Pessoas como Chico Branco e Seu Expedito farão muita falta

Elistênio Alves • Colunista do Repórter Ceará
7 de dezembro de 2021 às 09:59 2

No penúltimo final de semana de novembro, lamentavelmente, me deparei com a difícil realidade da informação da morte de Chico Branco e Seu Expedito rezador. Duas figuras conhecidas do local onde vivi toda minha infância: a Baixada, na Benjamim Barroso.

Chico, que morreu no sábado, 20, era daquele ser humano que todo mundo gostava de estar perto. Irreverente e prestativo, ali, do nada, e na hora da precisão ele sempre aparecia. Gostava de andar, mesmo quando não podia.

Além de ser muito conhecido, o Chico Branco, antes de qualquer coisa, era muito querido, o que o tornava um pedacinho de cada um de nós.

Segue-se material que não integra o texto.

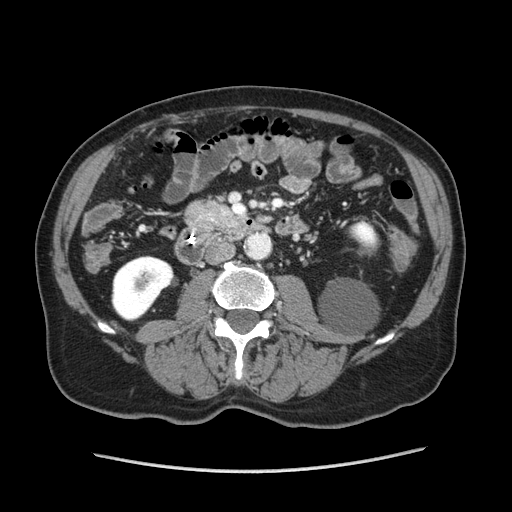

Computed tomography | Abdomen

{"pancreatic_tumor": [{"x1": 220, "y1": 214, "x2": 243, "y2": 234}], "pancreas": [{"x1": 186, "y1": 202, "x2": 241, "y2": 230}]}
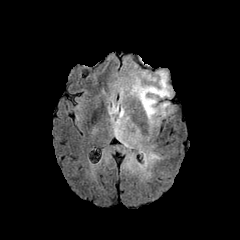
FLAIR MRI.
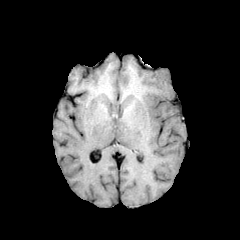
T1-weighted MRI.
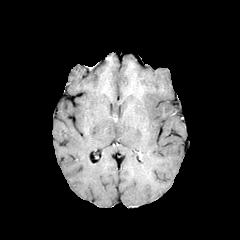
Post-contrast T1-weighted magnetic resonance.
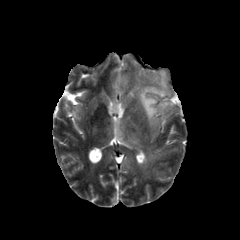
T2-weighted magnetic resonance.
edema: 128, 70, 172, 125; 114, 119, 122, 133 | non-enhancing tumor core: 151, 83, 163, 90
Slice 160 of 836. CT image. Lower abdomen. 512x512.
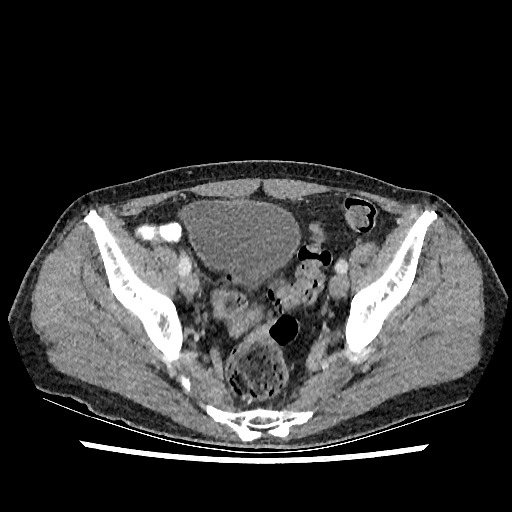

{
  "urinary_bladder": [
    "183, 200, 300, 292"
  ]
}
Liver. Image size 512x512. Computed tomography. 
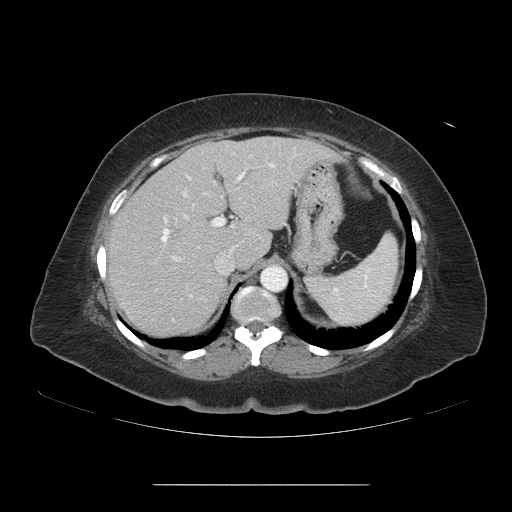 Not every hepatic vessel necessarily has a box.
11 hepatic vessel regions are located at region(211, 217, 224, 226); region(183, 214, 187, 218); region(192, 205, 193, 206); region(268, 164, 272, 166); region(172, 257, 178, 260); region(186, 175, 190, 179); region(163, 216, 167, 223); region(214, 241, 244, 274); region(236, 170, 245, 181); region(161, 227, 169, 243); region(182, 190, 187, 196).
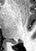
Magnetic resonance, 36x51 px
The posterior hippocampus is at 8, 39, 16, 43.
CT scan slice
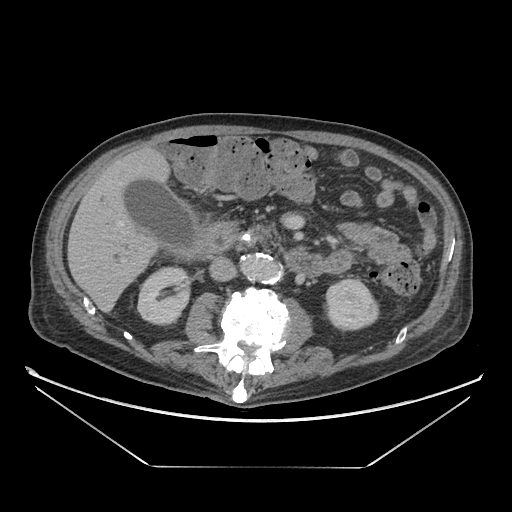

Pancreatic tumor = bbox=[253, 234, 260, 241].

Já Seu Expedito, que morreu no domingo, 21, era uma figura que na minha mente representava o místico. Primeiro, antes de falar dele, lembro de sua mãe, a Dona Santinha, que em uma cadeirinha simples, na esquina da Benjamim com a Paulo Sarasate, sempre rezou em quem a procurava. De hábito comum, Santinha me lembra muito das figuras daquele pedaço que fizeram o imaginário da minha infância, como a Dona Luzia, mãe do Tutu, que fumava cachimbo; Seu Adauto, que vendia lenha; Dona Irene, esta que tenho vaga lembrança; e a Dona Senhora, que comprei muitas carteiras de cigarro no Antônio Jorge. Cigarro plaza. A Lúcia do finado Onofre; Seu Eduardo relojoeiro; Rozildo, também de vaga lembrança; Seu Raimundo Martinho e Dona Helena: um casal que era a cara da Baixada; Seu Sebasto da carroça; Seu Chico do Santo, inato solador de violão; Seu Correia; Dona Maria Nilza e meu querido amigo Paulinho; Seu Bastião, esposo da Maria. Esse lembro perfeitamente da sua trágica morte. Manel Tronco, esse também de vaga memória. Lembro do seu enterro apenas.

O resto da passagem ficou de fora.